Quantifying Truesight With SAEs
Proposal to use SAEs to crack open the dark matter of LLM inference about text.
LLMs know more than they say, like who wrote some text. How can we find out how much they really know, when their internals are a mysterious scrambled blackbox?
But we can use sparse autoencoders to turn their internal thoughts into a long list of simpler properties summarizing what the LLM knows. We don’t know what any of them are, but we can do many things with this summary.

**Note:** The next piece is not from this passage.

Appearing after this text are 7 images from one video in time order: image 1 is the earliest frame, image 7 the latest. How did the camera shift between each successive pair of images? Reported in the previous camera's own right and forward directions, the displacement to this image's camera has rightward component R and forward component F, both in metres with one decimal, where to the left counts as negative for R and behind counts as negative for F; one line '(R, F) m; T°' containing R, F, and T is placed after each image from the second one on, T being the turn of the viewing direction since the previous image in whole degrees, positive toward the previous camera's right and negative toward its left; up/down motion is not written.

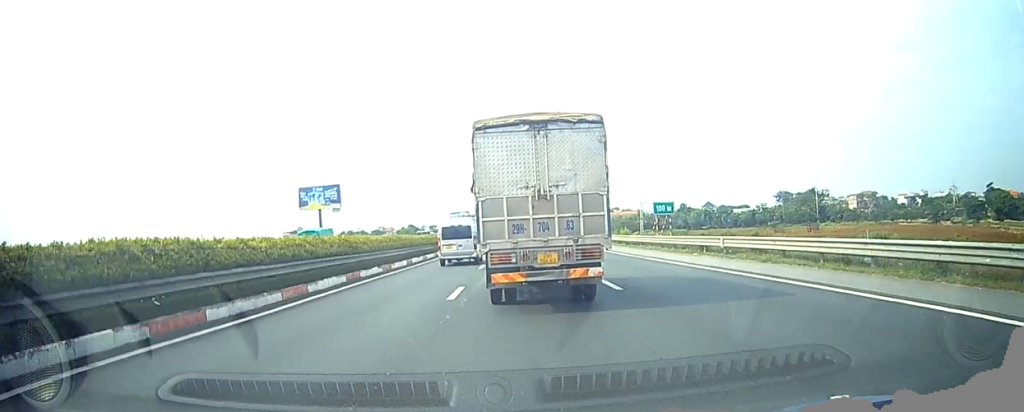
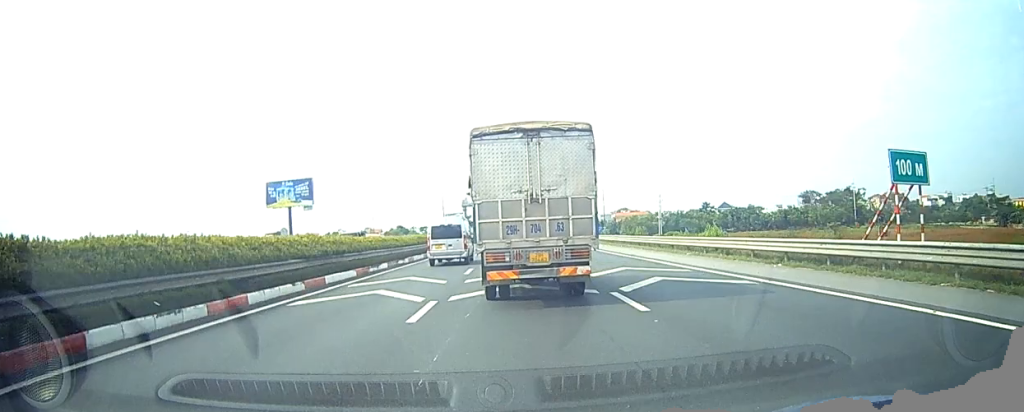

We can find out what a LLM knows about an author by defining that as “the thoughts that it thinks for each of their writings”, and we can use that to define their ‘persona’; now we can make the LLM write like an author, and ‘ask the author questions’ to see what the LLM knows about them.
We can do a lot of other things, too, like see which parts of the text are hints about the persona (to analyze or modify them), or how much text we need for a good persona. We can also look at how their persona changes over time, or whose persona is similar, or how similar their relatives’ persona are (or maybe find those relatives).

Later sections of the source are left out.